Ferguson assumed it was a joke, that after all the talk about how tired they were Federman had gotten it into his head to do a comic demonstration of what happens to a body after too much exercise on hot and humid summer days, but the laugh Ferguson was expecting to hear didn’t come, for the truth was that Artie wasn’t a person who trafficked in jokes, and as Ferguson bent down to examine his friend’s face, he was startled to see that his eyes were neither open nor closed but half-open, half-closed, with only the whites visible, as if his eyes had rolled up into his head, which seemed to suggest that he had passed out, so Ferguson began to tap Federman’s cheeks with his fingers, first tapping and then pinching the cheeks as he told him to wake up, as if a few taps and a few pinches would be enough to rouse him to consciousness, but when Federman didn’t respond, when his head lolled back and forth as Ferguson began to shake his shoulders and his inert eyelids refused to open or shut or even flutter with the smallest sign of life, Ferguson started to grow afraid, and so he pressed his ear against Federman’s chest in order to listen t
o the beating of his heart, in order to feel his rib cage rising and falling as the air went in and out of his lungs, but there was no heartbeat, there was no breath, and an instant later Ferguson stood up and began to howl: Help me! Help me, someone! Please—someone—help me!
* * *
BRAIN ANEURYSM. THAT was the official cause of death, someone said, and since the Columbia County medical examiner performed the autopsy himself, those were the words he inscribed on Federman’s death certificate: brain aneurysm.
Ferguson knew what a brain was, but it was the first time he had come across the word aneurysm, so he walked over to the head counselor’s office and looked it up in the Webster’s Collegiate Dictionary that sat on the top shelf of the bookcase: a permanent abnormal blood-filled dilation of an artery, resulting from disease of the vessel wall.
* * *
THE GAMES WITH Camp Scatico were canceled until further notice. The Marx Brothers comedy would be held back until sometime the following month.
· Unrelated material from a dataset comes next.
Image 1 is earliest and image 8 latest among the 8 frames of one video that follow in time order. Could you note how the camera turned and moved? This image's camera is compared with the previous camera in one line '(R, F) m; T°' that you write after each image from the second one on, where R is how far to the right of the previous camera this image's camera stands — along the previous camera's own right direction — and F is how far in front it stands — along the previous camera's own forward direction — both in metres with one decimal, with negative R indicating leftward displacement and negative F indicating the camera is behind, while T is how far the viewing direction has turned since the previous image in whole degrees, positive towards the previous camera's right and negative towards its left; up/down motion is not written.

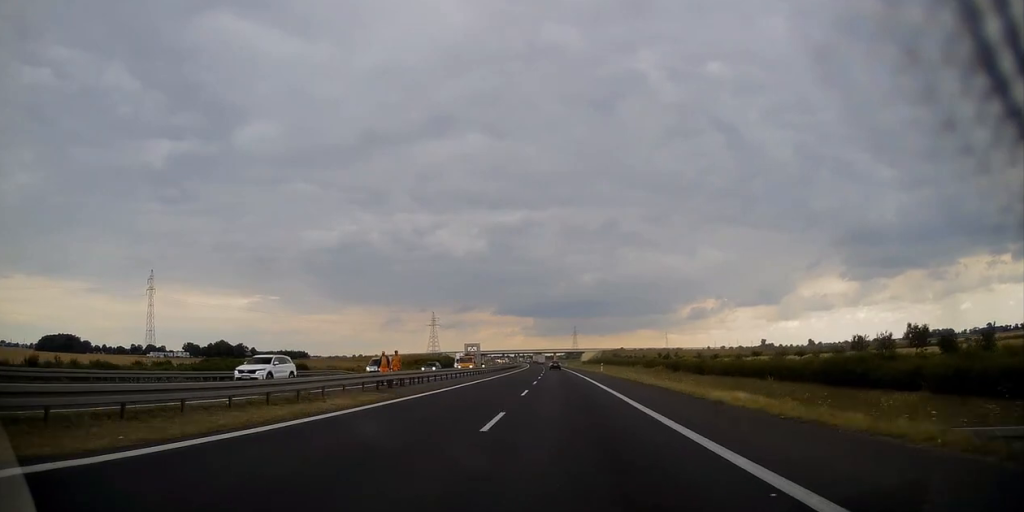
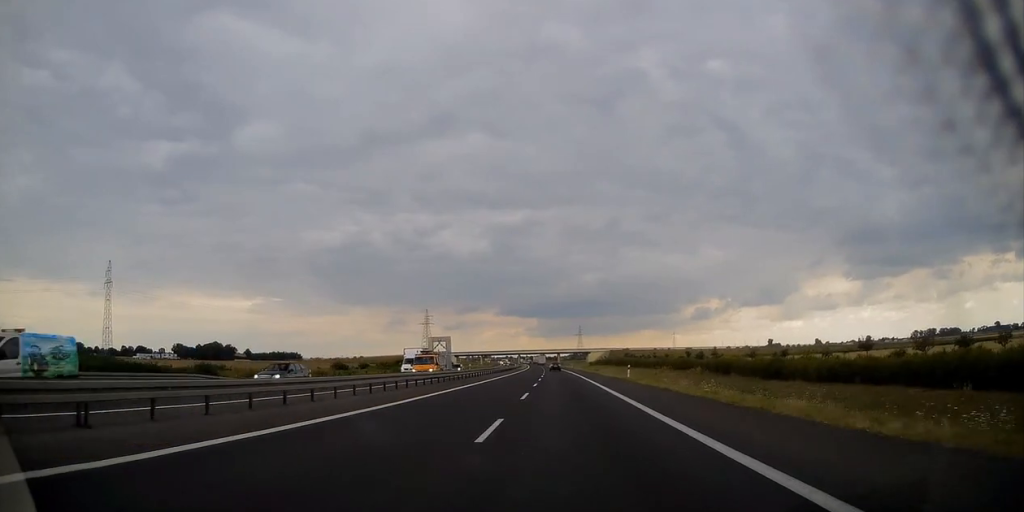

The family songfest scheduled for Sunday morning was erased from the calendar.
* * *
AT THE ALL-CAMP gathering that convened in the Big Barn after dinner on Thursday, half the children wept, many of whom had never even known Federman. Jack Feldman, the head counselor, told the boys and girls that the ways of God were incomprehensible, beyond the grasp of human understanding.
* * *
BILL RAPPAPORT BLAMED himself for Federman’s collapse. He had pushed the team too hard, he told Ferguson, he had put everyone in danger with those punishing workouts in that intolerable heat and humidity. What the fuck had he been thinking? Ferguson remembered the words from the dictionary: permanent, abnormal, blood-filled … disease. No, Bill, he said, it was bound to happen sooner or later. Artie was walking around with a time bomb in his head. It’s just that no one knew about it—not him, not his parents, not one doctor who ever examined him. He had to die before anyone found out that the time bomb had been there his whole life.